Data excerpts:
#####

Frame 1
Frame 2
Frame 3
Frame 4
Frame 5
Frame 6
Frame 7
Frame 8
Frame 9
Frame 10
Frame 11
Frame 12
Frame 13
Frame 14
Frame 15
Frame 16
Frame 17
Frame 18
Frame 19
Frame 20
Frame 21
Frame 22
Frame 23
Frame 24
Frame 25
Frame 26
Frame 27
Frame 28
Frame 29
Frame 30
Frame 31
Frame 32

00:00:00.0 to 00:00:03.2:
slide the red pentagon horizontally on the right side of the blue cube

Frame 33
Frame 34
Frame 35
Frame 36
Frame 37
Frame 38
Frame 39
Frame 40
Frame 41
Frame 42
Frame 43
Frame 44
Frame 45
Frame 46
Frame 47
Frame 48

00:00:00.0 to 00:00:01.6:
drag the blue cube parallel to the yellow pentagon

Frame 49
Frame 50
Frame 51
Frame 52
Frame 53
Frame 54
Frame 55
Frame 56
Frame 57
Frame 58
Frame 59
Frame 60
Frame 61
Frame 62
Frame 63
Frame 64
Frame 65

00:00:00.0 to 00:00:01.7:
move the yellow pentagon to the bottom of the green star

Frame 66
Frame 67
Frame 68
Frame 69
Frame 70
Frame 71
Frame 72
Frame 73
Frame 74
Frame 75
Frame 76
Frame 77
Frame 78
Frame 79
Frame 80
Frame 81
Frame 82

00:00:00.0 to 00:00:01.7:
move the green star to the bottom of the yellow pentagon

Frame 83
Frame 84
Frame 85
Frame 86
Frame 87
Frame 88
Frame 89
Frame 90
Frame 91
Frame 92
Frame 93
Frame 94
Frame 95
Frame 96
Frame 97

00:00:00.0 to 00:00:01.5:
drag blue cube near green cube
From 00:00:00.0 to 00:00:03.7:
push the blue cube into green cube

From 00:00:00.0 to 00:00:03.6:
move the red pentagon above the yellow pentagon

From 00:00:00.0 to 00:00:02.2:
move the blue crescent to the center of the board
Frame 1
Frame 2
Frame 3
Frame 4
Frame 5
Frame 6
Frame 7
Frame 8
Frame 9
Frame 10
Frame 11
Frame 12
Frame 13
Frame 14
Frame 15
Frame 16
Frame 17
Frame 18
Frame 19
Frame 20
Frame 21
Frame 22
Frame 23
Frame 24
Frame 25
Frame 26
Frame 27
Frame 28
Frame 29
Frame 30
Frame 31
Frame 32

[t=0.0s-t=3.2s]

#####

THE PROBLEM |
The entries above, copied exactly, form the whole answer.

EXPECTED ANSWER |
Frame 1
Frame 2
Frame 3
Frame 4
Frame 5
Frame 6
Frame 7
Frame 8
Frame 9
Frame 10
Frame 11
Frame 12
Frame 13
Frame 14
Frame 15
Frame 16
Frame 17
Frame 18
Frame 19
Frame 20
Frame 21
Frame 22
Frame 23
Frame 24
Frame 25
Frame 26
Frame 27
Frame 28
Frame 29
Frame 30
Frame 31
Frame 32

00:00:00.0 to 00:00:03.2:
slide the red pentagon horizontally on the right side of the blue cube

Frame 33
Frame 34
Frame 35
Frame 36
Frame 37
Frame 38
Frame 39
Frame 40
Frame 41
Frame 42
Frame 43
Frame 44
Frame 45
Frame 46
Frame 47
Frame 48

00:00:00.0 to 00:00:01.6:
drag the blue cube parallel to the yellow pentagon

Frame 49
Frame 50
Frame 51
Frame 52
Frame 53
Frame 54
Frame 55
Frame 56
Frame 57
Frame 58
Frame 59
Frame 60
Frame 61
Frame 62
Frame 63
Frame 64
Frame 65

00:00:00.0 to 00:00:01.7:
move the yellow pentagon to the bottom of the green star

Frame 66
Frame 67
Frame 68
Frame 69
Frame 70
Frame 71
Frame 72
Frame 73
Frame 74
Frame 75
Frame 76
Frame 77
Frame 78
Frame 79
Frame 80
Frame 81
Frame 82

00:00:00.0 to 00:00:01.7:
move the green star to the bottom of the yellow pentagon

Frame 83
Frame 84
Frame 85
Frame 86
Frame 87
Frame 88
Frame 89
Frame 90
Frame 91
Frame 92
Frame 93
Frame 94
Frame 95
Frame 96
Frame 97

00:00:00.0 to 00:00:01.5:
drag blue cube near green cube
From 00:00:00.0 to 00:00:03.7:
push the blue cube into green cube

From 00:00:00.0 to 00:00:03.6:
move the red pentagon above the yellow pentagon

From 00:00:00.0 to 00:00:02.2:
move the blue crescent to the center of the board
Frame 1
Frame 2
Frame 3
Frame 4
Frame 5
Frame 6
Frame 7
Frame 8
Frame 9
Frame 10
Frame 11
Frame 12
Frame 13
Frame 14
Frame 15
Frame 16
Frame 17
Frame 18
Frame 19
Frame 20
Frame 21
Frame 22
Frame 23
Frame 24
Frame 25
Frame 26
Frame 27
Frame 28
Frame 29
Frame 30
Frame 31
Frame 32

[t=0.0s-t=3.2s]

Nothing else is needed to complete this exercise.